En diferentes artículos, que he publicado en la prensa internacional, sin pretender descubrir nada nuevo, sino reflejar un fenómeno real existente, he destacado que las comunidades aborígenes asentadas en toda la selva del TIPNIS (corazón geográfico de Bolivia) llevan una forma de vida natural en base a la caza y la pesca. En estas condiciones no sufren las lacras de la civilización, que busca introducirse en aquella sana región con sus males contemporáneos, que amenazan acabar con la naturaleza, destruyendo toda forma de vida, y de los cuales la humanidad no puede liberarse,

He destacado también que aquellos aborígenes, de selva primaria, tienen la suerte de no tener aún patrones en sus tierras, tampoco empresarios foráneos ni nativos, y menos aún –por tratarse de sociedad pre capitalista– el fenómeno de la lucha de clases. Esta excepcional situación los libra de algunos placeres, característicos de la “civilización”: no hay sitios para expendio de bebidas alcohólicas, juegos de azar, prostitución, drogas ni otras taras para que entretengan a asalariados, que tampoco existen. Sin embargo asechan a tal área patria, numerosos peligros que ya se puede percibir de antemano.

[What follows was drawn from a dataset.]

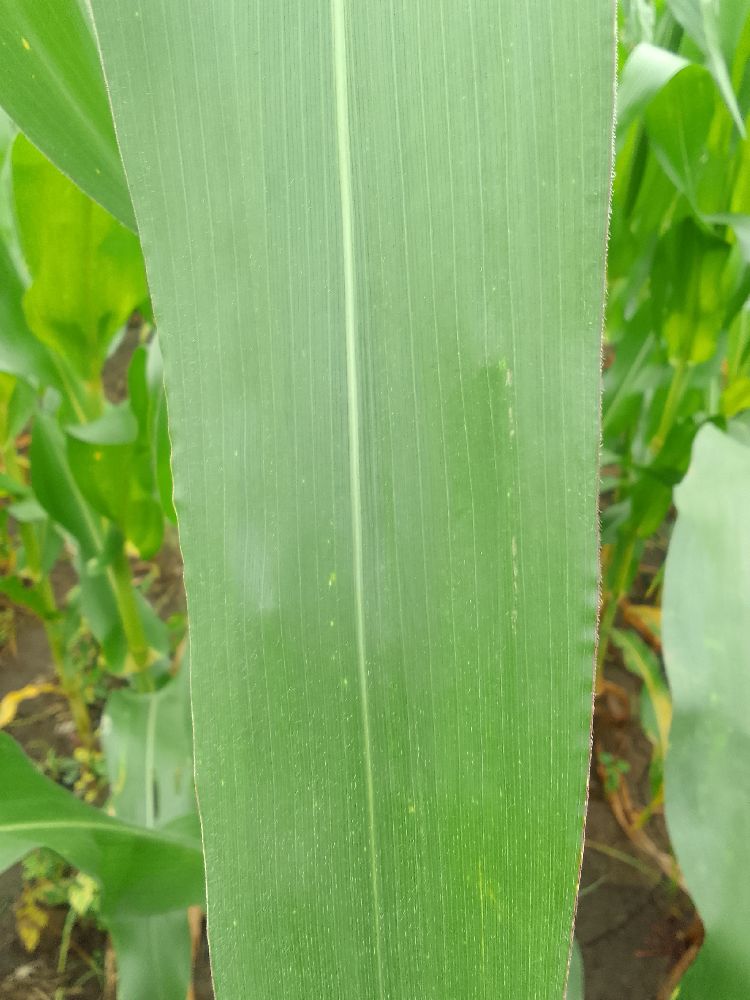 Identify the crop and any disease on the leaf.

Desesperados por la demora que muestra el gobierno en su anunciada invasión al TIPNIS, y con sobrada angurria por aquella selva de riquezas, se hallan en primer lugar, ocultando sus garras, empresas petroleras sedientas del obscuro líquido elemento. Le siguen aventureros buscadores de oro (que contaminan, sacan y escapan sin jamás asentarse) A continuación espera el nada inocente “turismo ecológico”, siempre de lujo porque cuenta con clientela millonaria dispuesta a pagar lo que se pida para disfrutar de placentera comodidad, hermosas vistas de paisajes y deleitarse en toda forma con la naturaleza virgen. Por si no lo sepa el lector, este turismo saquea aves de exuberantes plumajes y colores o las compra embalsamadas; acaba con exóticas especies de peces (de gran tamaño y variedad de tonos) igual cosa con plantitas y plantas de muchas cualidades, incluyendo medicinales (para negociar con aquellas con grandes corporaciones farmacéuticas) El turista “ecológico” es por igual un vulgar depredador que, generoso con sus dólares y/o euros más sabrosas propinas, no escatima recursos para disfrutar de otros placeres, como mujeres locales, bebidas, drogas y otros, transformando una sociedad local de paz y armonía, en el imperio del dinero, corrompiendo –además– la mente sana aborigen, para volverla maliciosa.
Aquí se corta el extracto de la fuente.